• **TO DO**
If a line in the records below contains "Grassland", copy that line.

• **DATA FOR THIS TASK**

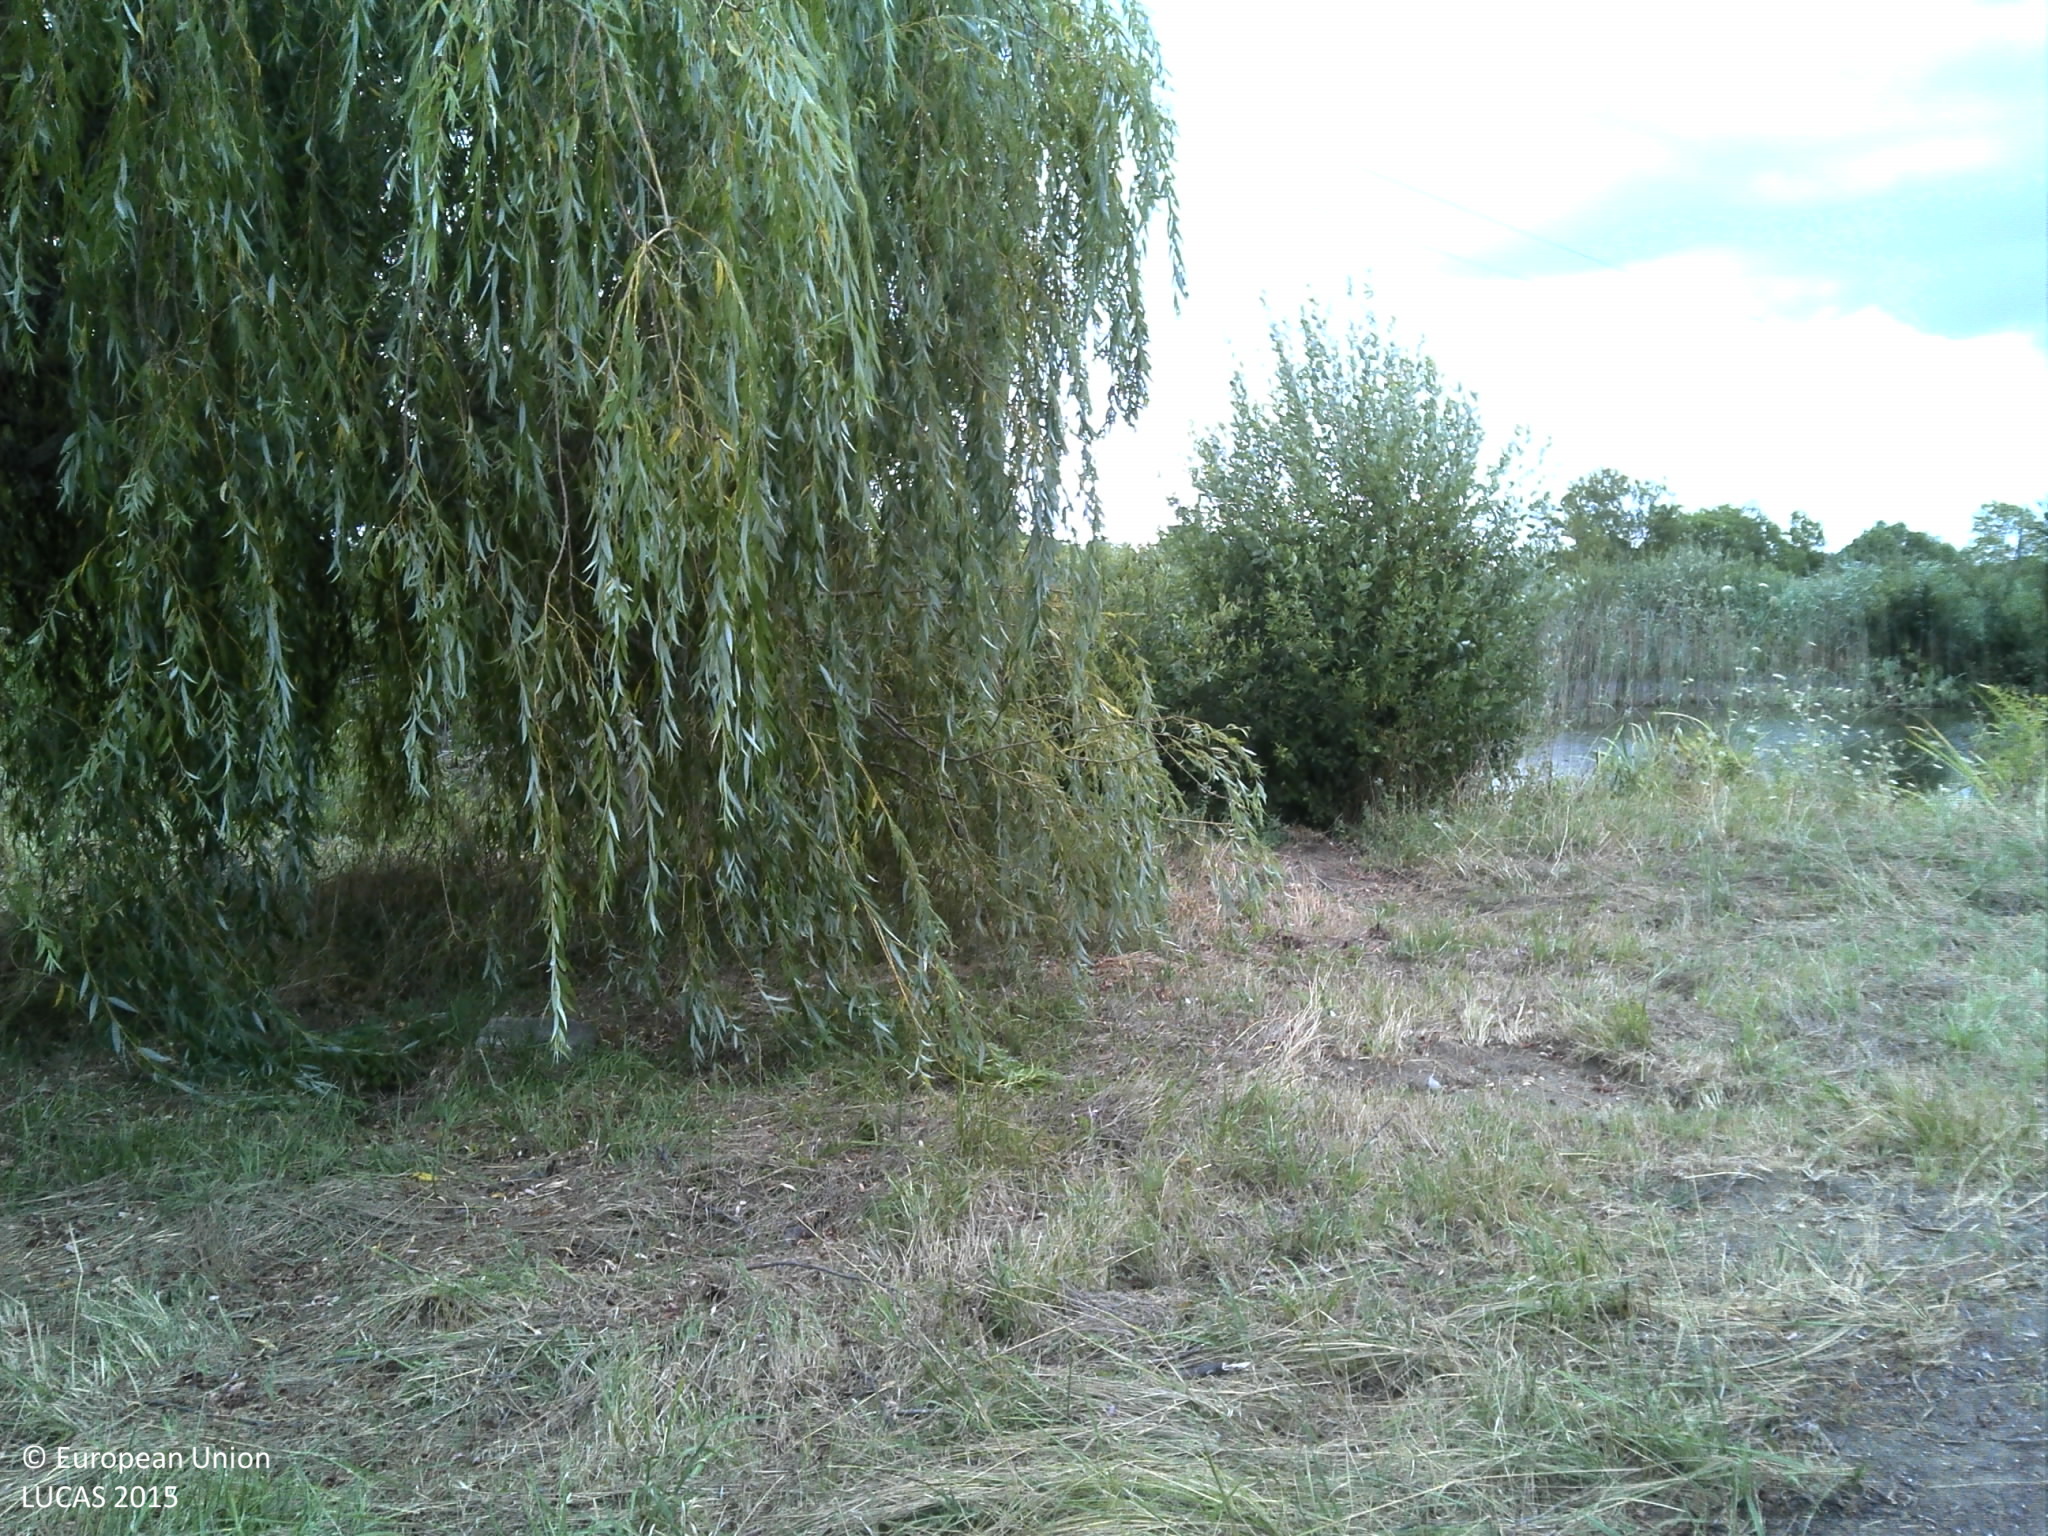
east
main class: Grassland
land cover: Grassland with sparse tree/shrub cover
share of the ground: > 75 %
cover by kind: herbaceous plants 95 %, broadleaved forest trees 5 %
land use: Residential
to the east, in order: Grassland with sparse tree/shrub cover; Inland fresh water bodies; Electric lines; Inland fresh water bodies; Abandoned hedges; Grassland without tree/shrub cover; Broadleaved woodland; Grassland without tree/shrub cover; Abandoned hedges; Grassland without tree/shrub cover; Fences; Broadleaved woodland
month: July
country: FR
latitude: 44.9660
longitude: -0.4524
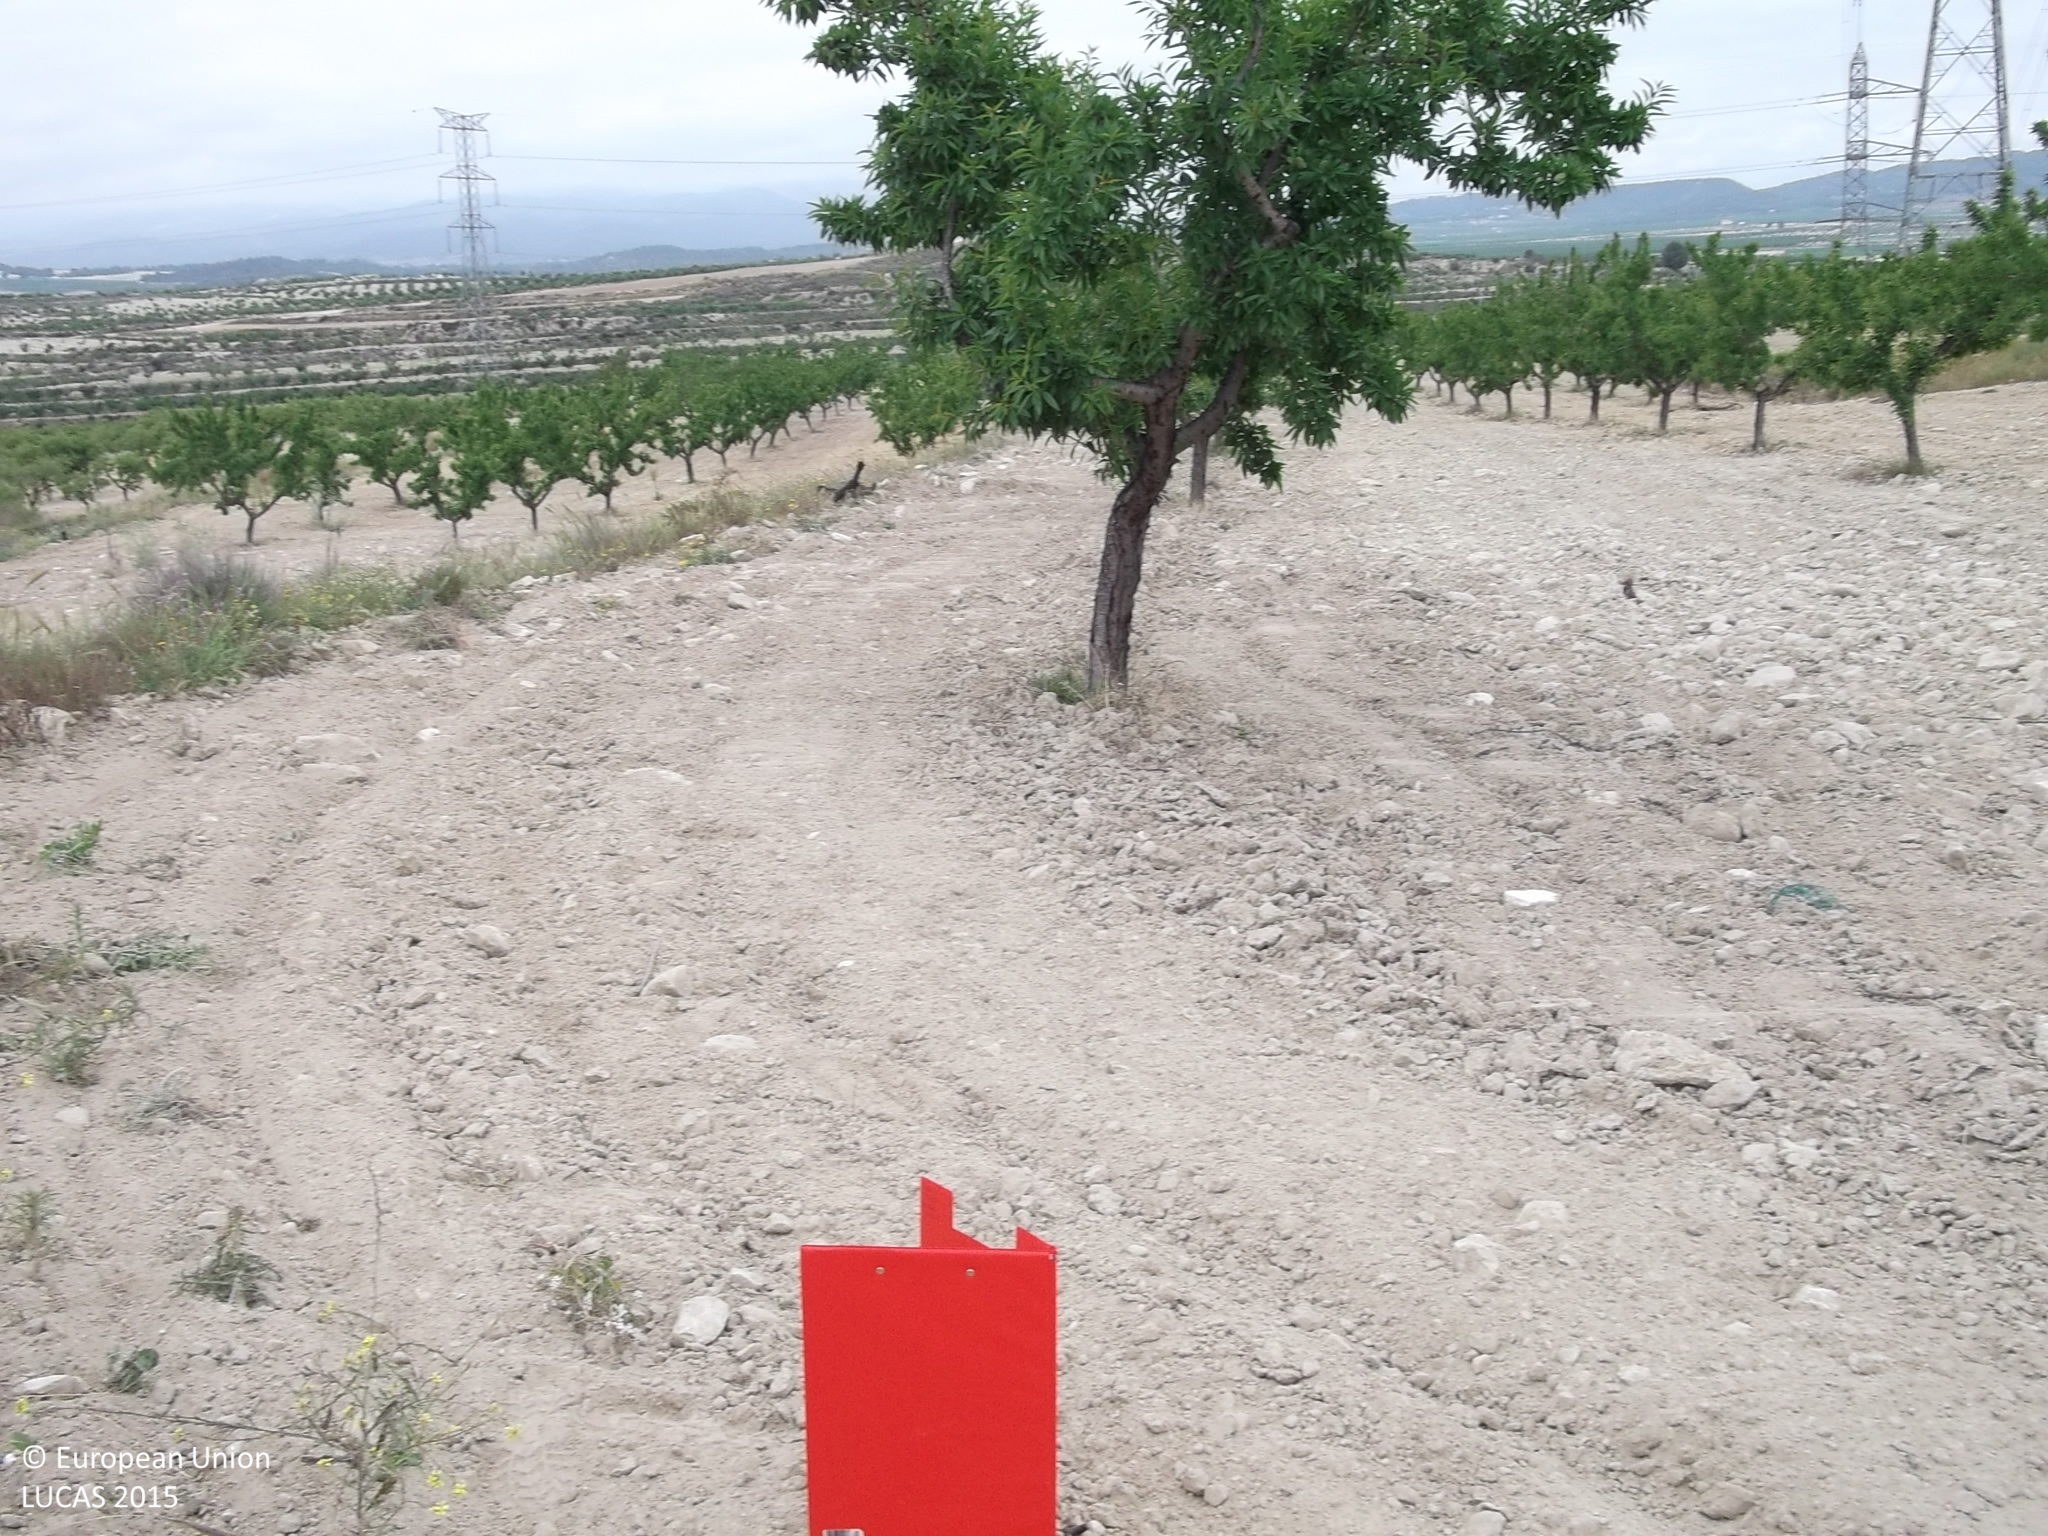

• **RESULT OF THIS EXERCISE**
main class: Grassland
land cover: Grassland with sparse tree/shrub cover
to the east, in order: Grassland with sparse tree/shrub cover; Inland fresh water bodies; Electric lines; Inland fresh water bodies; Abandoned hedges; Grassland without tree/shrub cover; Broadleaved woodland; Grassland without tree/shrub cover; Abandoned hedges; Grassland without tree/shrub cover; Fences; Broadleaved woodland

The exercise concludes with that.